C’est le premier livre depuis le début du confinement que je lis sans penser à autre chose plus ou moins rapidement, sans m’endormir ou sans avoir envie de le reposer. Ce second roman d’Amélie Cordonnier, Un loup quelque part, je l’ai dévoré en une journée alors même si dans la situation actuelle, il est compliqué de se procurer des livres (au moment même où nous sommes, par définition, plus disponibles pour lire c’est quand même ironique), je voulais absolument vous en parler.
L’histoire ? Celle d’une mère qui commence à dérailler, doucement d’abord puis crescendo le jour où le pédiatre découvre une tâche de couleur dans les plis du cou de son fils Alban, 5 mois. Le pédiatre la rassure, ce n’est rien de grave, il s’agit juste d’une tâche de pigmentation mais le doute a commencé à s’immiscer dans son esprit.
Très vite, « ces tâches de mocheté » apparaissent dans le dos de l’enfant, sa sœur qui prend son bain avec lui, croit qu’il s’agit de chocolat et essaie de les enlever.
L’enfant que cette mère a imaginé, rêvé, ce n’est pas celui là.
Non, ce qui l’assomme et la dévaste, c’est l’incompréhension et la peur. La peur inavouable de ne pas réussir à aimer cet enfant, ce bébé à la couleur non identifiée, qui n’a rien à voir, mais alors rien du tout avec celui qu’elle désirait.
Au début, j’ai ri jaune en lisant qu’elle rêvait d’échanger cet enfant comme on le fait avec un vêtement car il m’est arrivé, sur le ton de le plaisanterie, de parler de service après vente où rendre les enfants quand ils sont insupportables et vous tapent sur les nerfs.
Cette femme qui se sent seule face à son mari qui ne voit pas à quel point elle se sent mal, face à ses proches à qui elle n’arrive pas à parler, j’ai eu envie de lui dire que l’instinct maternel est une construction même si on nous élève avec l’idée qu’il vient à toutes de manière naturelle :
L’instinct maternel, on ne lui a pas proposé à la conception.
Et puis le malaise a pris de plus en plus de place à mesure que sa folie la grignotait. Elle se met ainsi à noter chaque jour les étapes de la métamorphose de son enfant (ne cessant d’avoir en tête le livre éponyme de Kafka).

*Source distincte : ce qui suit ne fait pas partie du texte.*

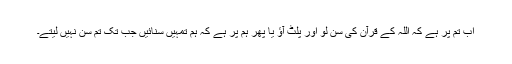
اب تم پر ہے کہ اللہ کے قرآن کی سن لو اور پلٹ آؤ یا پھر ہم پر ہے کہ ہم تمہیں سنائیں جب تک تم سن نہیں لیتے۔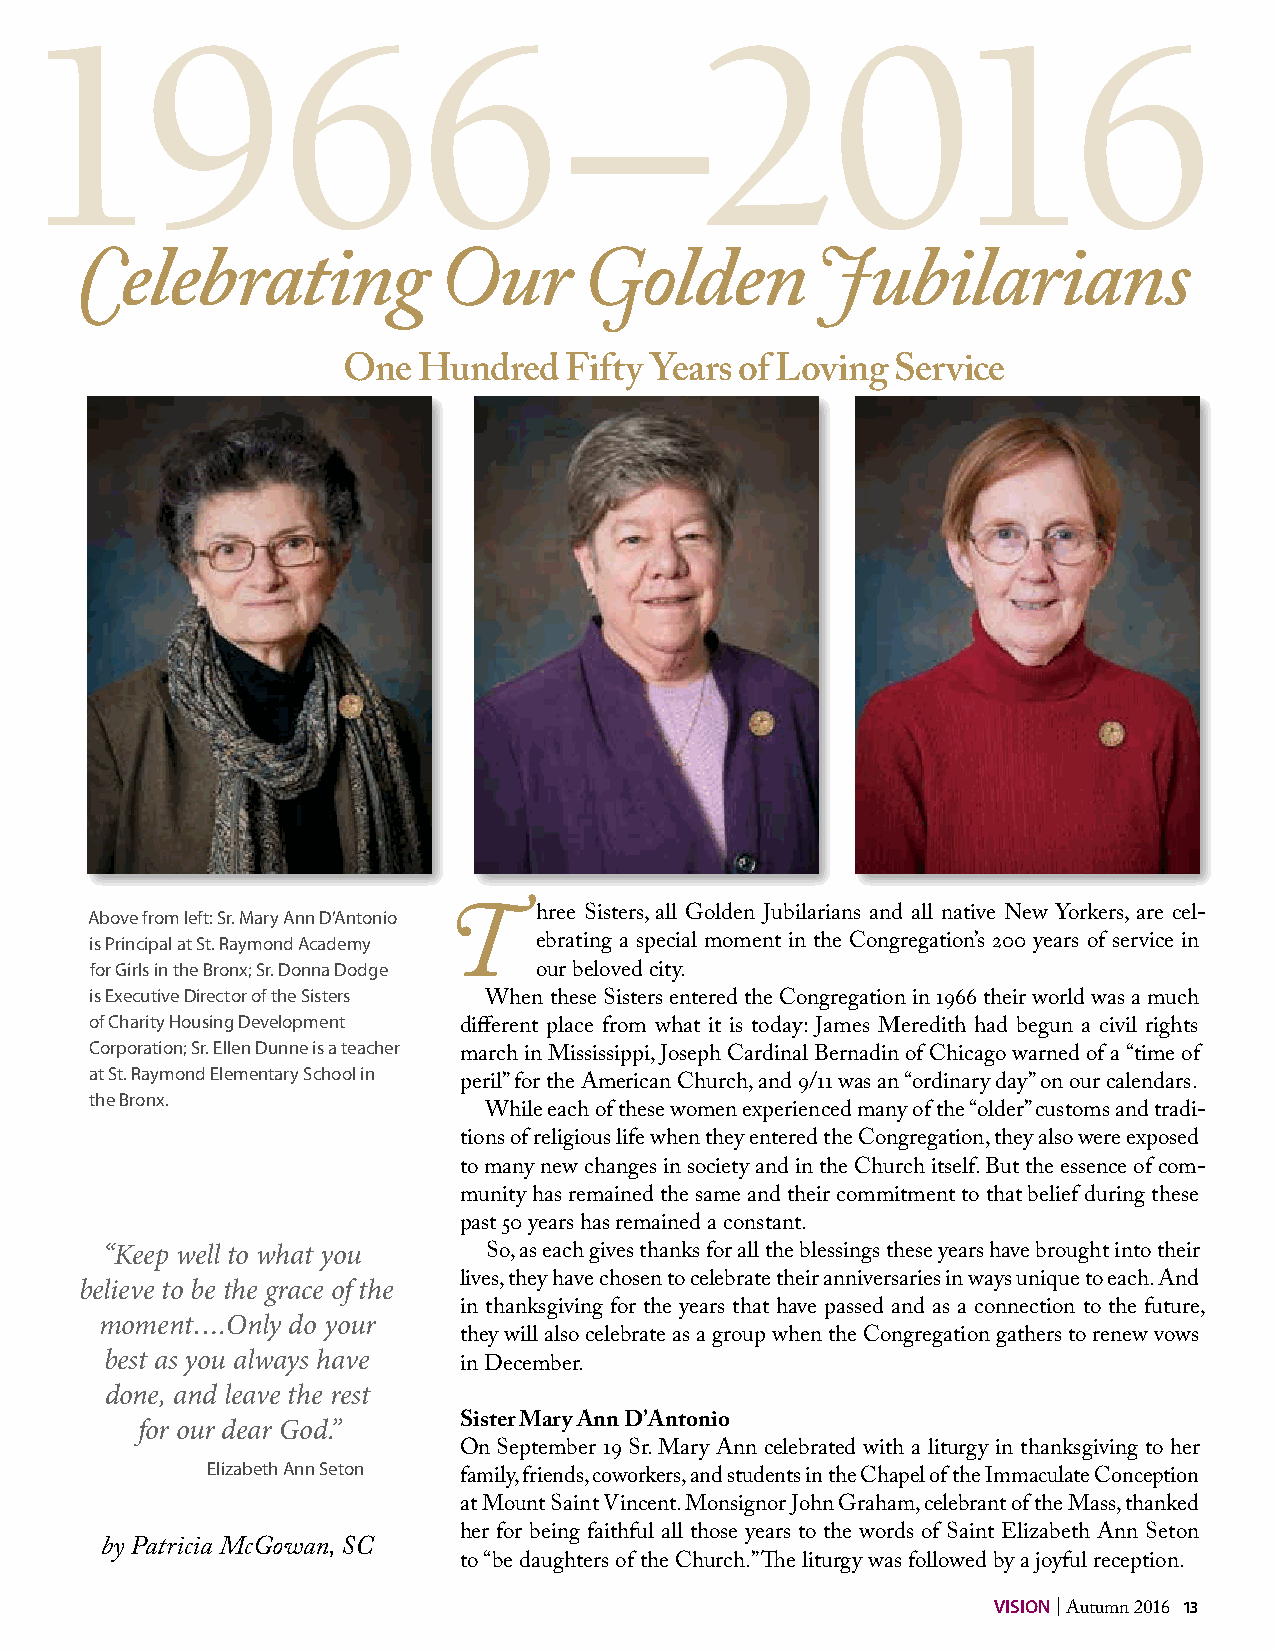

Il y a sûrement des mères inquiètes qui prennent la température de leur enfant tous les jours, elle, elle « prend sa couleur ».
J’ai l’impression d’en avoir trop dit sur l’intrigue et pourtant Un loup quelque part est mille fois plus riche que ce que je vous ai raconté. Au delà de l’originalité de l’histoire, j’ai trouvé une vraie voix dans ce roman, une façon de tourner les phrases, de marier les mots, qui m’a conquise.
J’ai perçu de l’humour sous la noirceur. J’ai été aussi particulièrement émue par les pages consacrées aux parents de l’héroïne, à ce père qui a toujours compté ses sous alors qu’il avait un travail très dur et physique, ses gestes qui trahissent son milieu social et qui la bouleversent.
Et puis Amélie Cordonnier crée une atmosphère où le suspense grandit et où on finit par ne plus pouvoir fermer le livre parce qu’on veut absolument connaître l’issue.
Pourquoi il faut lire Un loup quelque part ?
Un loup quelque part brise un tabou, aborde un sujet dont on ne parle pas ou peu par culpabilité et honte, par peur, celui du désamour maternel. En mettant en scène cette mère qui n’arrive pas à aimer son enfant, ce roman dit aux femmes à qui cela est arrivé ou arrivera, vous n’êtes pas seule.
Bien-sûr ce livre est dérangeant, glaçant parfois mais il propose une vision totalement différente de la mère parfaite version 2.0 véhiculée par les réseaux sociaux et réintroduit bien des nuances dans une vision si idéalisée et stéréotypée.
Et puis ce qui pour moi reste le plus important, il y a la plume d’Amélie Cordonnier qui m’a complètement séduite en quelques pages.
Bref quand vous pourrez à nouveau entrer dans une librairie, je vous conseille vivement de vous emparer d’Un loup quelque part d’Amélie Cordonnier.